How Carbon Measures Works
The coalition plans to design a ledger-based accounting system modeled on financial reporting. Each emission entry will be tracked and verified to prevent overlap or duplication. The approach takes ideas from finance. It uses consistent documentation, audits, and clear transparency standards.
Amy Brachio, the CEO and former global sustainability head at EY, says the new system will make carbon data clear, comparable, and precise. Her leadership brings over 30 years of experience in corporate sustainability and accounting systems. She said:
“For decades, precise and comparable data has been something of a holy grail in emissions tracking. Carbon Measures wants to build a system that unleashes competition, investment, and faster emissions reduction.”
The organization will start by developing standards for carbon intensity in major industrial sectors, such as:
-
Electricity and energy generation
-
Steel and cement production
-
Chemicals and fuels
These sectors are major greenhouse gas emitters. They account for nearly 70% of global industrial emissions. Consistent metrics could greatly impact the world’s decarbonization goals.
Industry Leaders Join Forces: Who’s Backing the Plan
Carbon Measures has attracted companies from across energy, finance, and manufacturing. Founding members are ADNOC, Air Liquide, BASF, Bayer, Honeywell, Linde, Mitsubishi Heavy Industries, NextEra Energy, Nucor, and Vale.
ExxonMobil CEO Darren Woods said that better data will help the industry manage emissions more effectively, saying:
“If you can’t measure it, you can’t manage it. A standard carbon accounting system will create a foundation for fair competition and effective climate action.”
Banco Santander’s Executive Chair Ana Botín added that the framework aims to make carbon reporting globally comparable.
The group includes both financial institutions and industrial companies. This mix shows how broad the impact of carbon measurement has grown.
For investors, accurate emissions data is now part of assessing financial risk. Manufacturers may face market access issues. More countries are adding carbon border taxes and product labeling rules.
A Booming Market for Carbon Truth
Carbon Measures launches at a time when both regulation and demand for transparency are rising. The carbon accounting software market is set to rise from $18 billion in 2024 to over $100 billion by 2032. This growth shows how companies feel the pressure to track and report accurately.

The compliance carbon credit market, which has government regulations, was valued at around $113 billion in 2024. It could grow to over $500 billion by 2030, based on industry estimates.

Despite these investments, inconsistencies in carbon tracking have limited real progress. Many offsets used by firms have failed verification tests. For example, research found that only about 11% of forestry offsets delivered the emission cuts they claimed. Such findings have weakened confidence in voluntary carbon markets.
Carbon Measures seeks to rebuild that trust. The group aims to help investors and regulators by blending financial accuracy with science-based metrics. This way, they can tell real emission reductions from exaggerated claims.

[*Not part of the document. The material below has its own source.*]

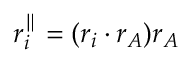
r _ { i } ^ { \parallel } = ( r _ { i } \cdot r _ { A } ) r _ { A }
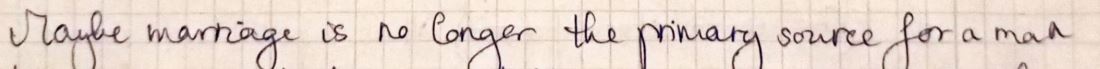
Maybe marriage is no longer the primary source for a man

The Hard Road to a Global Carbon Standard
Building a global standard will not be easy. Carbon data is complex, and each company collects it differently. Many developing countries also lack the technology or infrastructure for detailed measurement.

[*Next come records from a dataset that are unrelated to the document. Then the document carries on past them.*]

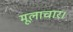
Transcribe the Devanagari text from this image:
मूलाचार।
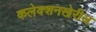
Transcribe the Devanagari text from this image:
कलेक्शनखेरीज
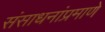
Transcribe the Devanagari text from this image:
संसाधनांप्रमाणे
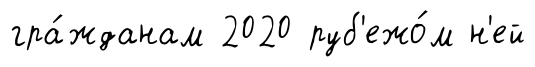
гра́жданам 2020 руб'ежо́м н'ей
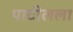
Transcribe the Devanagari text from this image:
पाटीलला

To succeed, Carbon Measures must:
-
Align with existing frameworks like the Greenhouse Gas Protocol and the Science-Based Targets initiative.
-
Ensure independent verification to maintain data credibility.
-
Encourage participation from both the private and public sectors to avoid fragmented systems.
The group is expected to release its first set of draft standards in 2026, starting with the power and steel industries. Analysts say regulators will closely watch the coalition’s progress. They are preparing new climate disclosure laws.
Another challenge lies in data integration. Companies must track emissions throughout long global supply chains. These chains often include hundreds of smaller suppliers. This requires advanced digital tools, including blockchain systems and artificial intelligence. They ensure traceability from raw materials to finished products.
Toward Transparent and Comparable Carbon Data
If Carbon Measures succeeds, it could redefine how the world values carbon performance. Clear, verifiable data could direct trillions of dollars toward clean technologies and efficient production.
Reliable accounting helps companies avoid accusations of “greenwashing.” This means they won’t make false or exaggerated environmental claims. It may also enable regulators to design better carbon pricing systems, linking policy and data more effectively.
Experts believe this kind of market transparency could speed up the global energy transition. The International Energy Agency says we need over $4 trillion each year for clean energy to hit net zero by 2050. Accurate carbon data can help guide where that money goes.

As global supply chains decarbonize, accurate tracking will become a competitive advantage. Investors and consumers increasingly prefer companies that can show measurable and verified progress.
Carbon Measures, backed by some of the world’s largest firms, signals that carbon accounting is moving from theory to execution. It shows that data — not just pledges — will define the next phase of corporate climate action.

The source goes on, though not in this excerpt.